## EXERCISE DIRECTIONS
Leave out the pictures and repeat the data exactly.

## SOURCE DATA
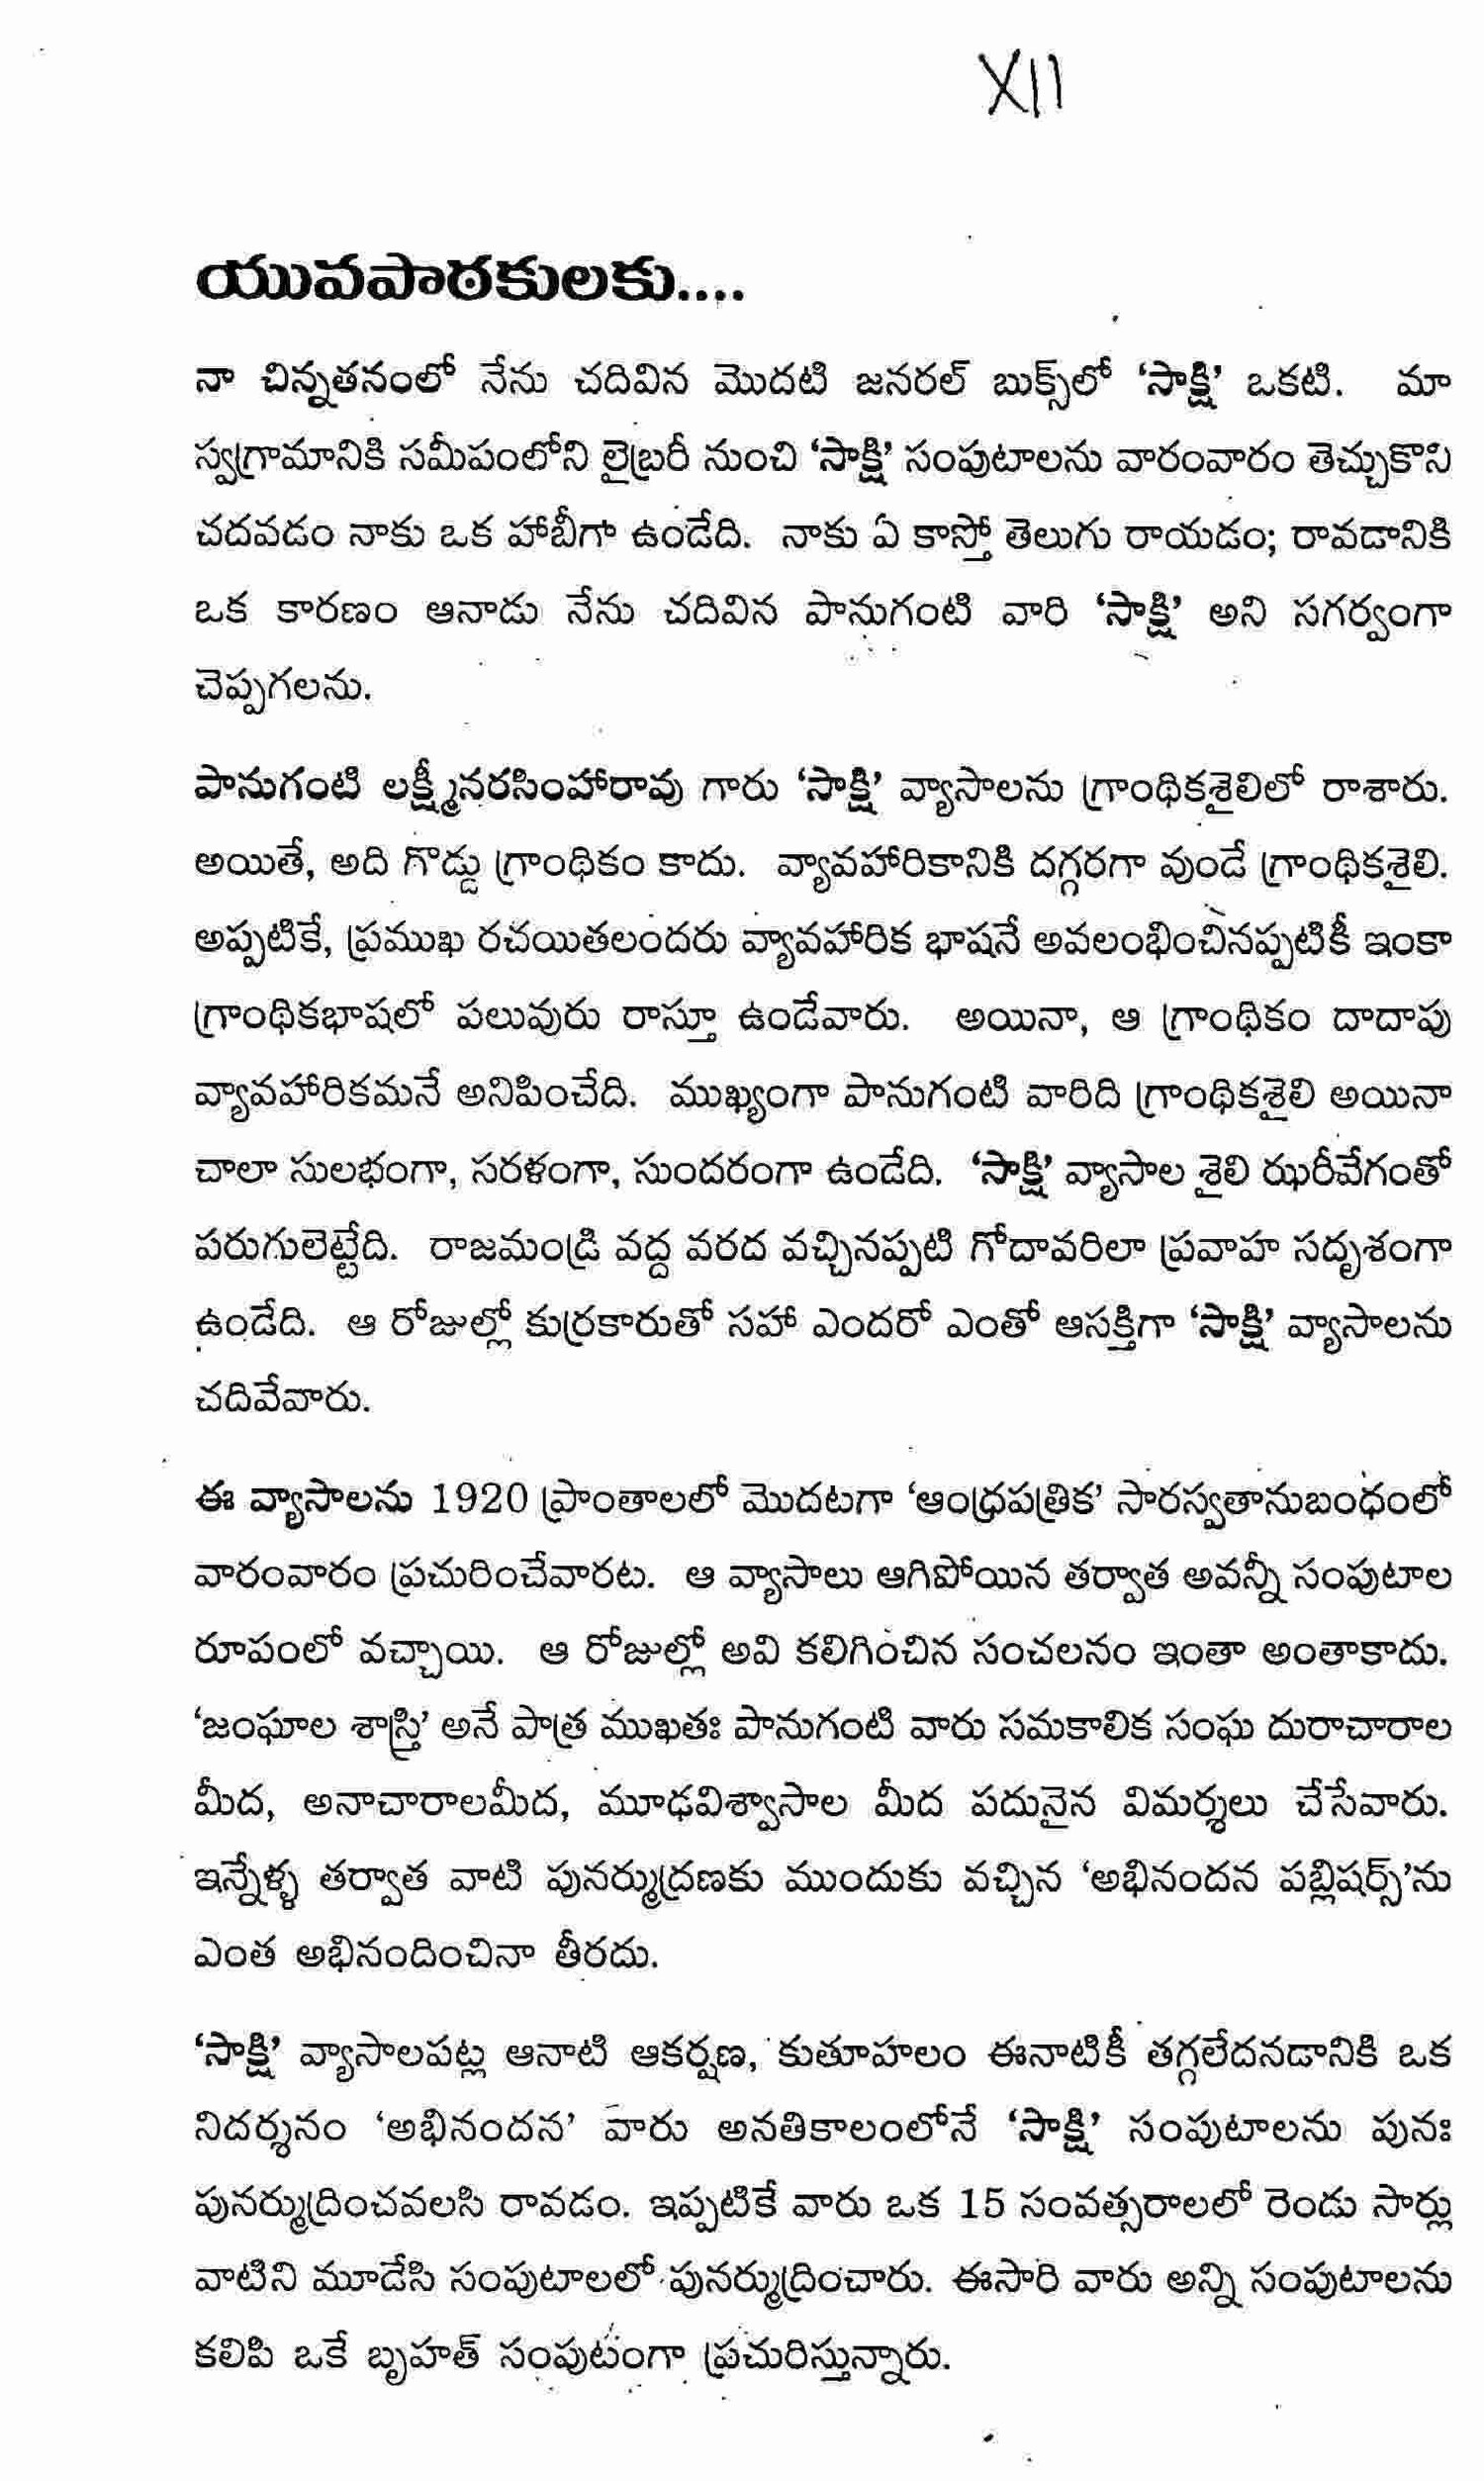నా చిన్నతనంలో నేను చదివిన మొదటి జనరల్ బుక్స్‌లో 'సాక్షి' ఒకటి. మా స్వగ్రామానికి సమీపంలోని లైబ్రరీ నుంచి 'సాక్షి' సంపుటాలను వారంవారం తెచ్చుకొని చదవడం నాకు ఒక హాబీగా ఉండేది. నాకు ఏ కాస్తో తెలుగు రాయడం; రావడానికి ఒక కారణం ఆనాడు నేను చదివిన పానుగంటి వారి 'సాక్షి' అని సగర్వంగా చెప్పగలను.

పానుగంటి లక్ష్మీనరసింహారావు గారు 'సాక్షి' వ్యాసాలను గ్రాంథికశైలిలో రాశారు. అయితే, అది గొడ్డు గ్రాంథికం కాదు. వ్యావహారికానికి దగ్గరగా వుండే గ్రాంథికశైలి. అప్పటికే, ప్రముఖ రచయితలందరు వ్యావహారిక భాషనే అవలంభించినప్పటికీ ఇంకా గ్రాంథికభాషలో పలువురు రాస్తూ ఉండేవారు. అయినా, ఆ గ్రాంథికం దాదాపు వ్యావహారికమనే అనిపించేది. ముఖ్యంగా పానుగంటి వారిది గ్రాంథికశైలి అయినా చాలా సులభంగా, సరళంగా, సుందరంగా ఉండేది. 'సాక్షి' వ్యాసాల శైలి ఝరీవేగంతో పరుగులెట్టేది. రాజమండ్రి వద్ద వరద వచ్చినప్పటి గోదావరిలా ప్రవాహ సదృశంగా ఉండేది. ఆ రోజుల్లో కుర్రకారుతో సహా ఎందరో ఎంతో ఆసక్తిగా 'సాక్షి' వ్యాసాలను చదివేవారు.

ఈ వ్యాసాలను 1920 ప్రాంతాలలో మొదటగా 'ఆంధ్రపత్రిక' సారస్వతానుబంధంలో వారంవారం ప్రచురించేవారట. ఆ వ్యాసాలు ఆగిపోయిన తర్వాత అవన్నీ సంపుటాల రూపంలో వచ్చాయి. ఆ రోజుల్లో అవి కలిగించిన సంచలనం ఇంతా అంతాకాదు. 'జంఘాల శాస్త్రి' అనే పాత్ర ముఖతః పానుగంటి వారు సమకాలిక సంఘ దురాచారాల మీద, అనాచారాలమీద, మూఢవిశ్వాసాల మీద పదునైన విమర్శలు చేసేవారు. ఇన్నేళ్ళ తర్వాత వాటి పునర్ముద్రణకు ముందుకు వచ్చిన 'అభినందన పబ్లిషర్స్'ను ఎంత అభినందించినా తీరదు.

'సాక్షి' వ్యాసాలపట్ల ఆనాటి ఆకర్షణ, కుతూహలం ఈనాటికీ తగ్గలేదనడానికి ఒక నిదర్శనం 'అభినందన' వారు అనతికాలంలోనే 'సాక్షి' సంపుటాలను పునః పునర్ముద్రించవలసి రావడం. ఇప్పటికే వారు ఒక 15 సంవత్సరాలలో రెండు సార్లు వాటిని మూడేసి సంపుటాలలో పునర్ముద్రించారు. ఈసారి వారు అన్ని సంపుటాలను కలిపి ఒకే బృహత్ సంపుటంగా ప్రచురిస్తున్నారు.

## RESPONSE TO THE EXERCISE
నా చిన్నతనంలో నేను చదివిన మొదటి జనరల్ బుక్స్‌లో 'సాక్షి' ఒకటి. మా స్వగ్రామానికి సమీపంలోని లైబ్రరీ నుంచి 'సాక్షి' సంపుటాలను వారంవారం తెచ్చుకొని చదవడం నాకు ఒక హాబీగా ఉండేది. నాకు ఏ కాస్తో తెలుగు రాయడం; రావడానికి ఒక కారణం ఆనాడు నేను చదివిన పానుగంటి వారి 'సాక్షి' అని సగర్వంగా చెప్పగలను.

పానుగంటి లక్ష్మీనరసింహారావు గారు 'సాక్షి' వ్యాసాలను గ్రాంథికశైలిలో రాశారు. అయితే, అది గొడ్డు గ్రాంథికం కాదు. వ్యావహారికానికి దగ్గరగా వుండే గ్రాంథికశైలి. అప్పటికే, ప్రముఖ రచయితలందరు వ్యావహారిక భాషనే అవలంభించినప్పటికీ ఇంకా గ్రాంథికభాషలో పలువురు రాస్తూ ఉండేవారు. అయినా, ఆ గ్రాంథికం దాదాపు వ్యావహారికమనే అనిపించేది. ముఖ్యంగా పానుగంటి వారిది గ్రాంథికశైలి అయినా చాలా సులభంగా, సరళంగా, సుందరంగా ఉండేది. 'సాక్షి' వ్యాసాల శైలి ఝరీవేగంతో పరుగులెట్టేది. రాజమండ్రి వద్ద వరద వచ్చినప్పటి గోదావరిలా ప్రవాహ సదృశంగా ఉండేది. ఆ రోజుల్లో కుర్రకారుతో సహా ఎందరో ఎంతో ఆసక్తిగా 'సాక్షి' వ్యాసాలను చదివేవారు.

ఈ వ్యాసాలను 1920 ప్రాంతాలలో మొదటగా 'ఆంధ్రపత్రిక' సారస్వతానుబంధంలో వారంవారం ప్రచురించేవారట. ఆ వ్యాసాలు ఆగిపోయిన తర్వాత అవన్నీ సంపుటాల రూపంలో వచ్చాయి. ఆ రోజుల్లో అవి కలిగించిన సంచలనం ఇంతా అంతాకాదు. 'జంఘాల శాస్త్రి' అనే పాత్ర ముఖతః పానుగంటి వారు సమకాలిక సంఘ దురాచారాల మీద, అనాచారాలమీద, మూఢవిశ్వాసాల మీద పదునైన విమర్శలు చేసేవారు. ఇన్నేళ్ళ తర్వాత వాటి పునర్ముద్రణకు ముందుకు వచ్చిన 'అభినందన పబ్లిషర్స్'ను ఎంత అభినందించినా తీరదు.

'సాక్షి' వ్యాసాలపట్ల ఆనాటి ఆకర్షణ, కుతూహలం ఈనాటికీ తగ్గలేదనడానికి ఒక నిదర్శనం 'అభినందన' వారు అనతికాలంలోనే 'సాక్షి' సంపుటాలను పునః పునర్ముద్రించవలసి రావడం. ఇప్పటికే వారు ఒక 15 సంవత్సరాలలో రెండు సార్లు వాటిని మూడేసి సంపుటాలలో పునర్ముద్రించారు. ఈసారి వారు అన్ని సంపుటాలను కలిపి ఒకే బృహత్ సంపుటంగా ప్రచురిస్తున్నారు.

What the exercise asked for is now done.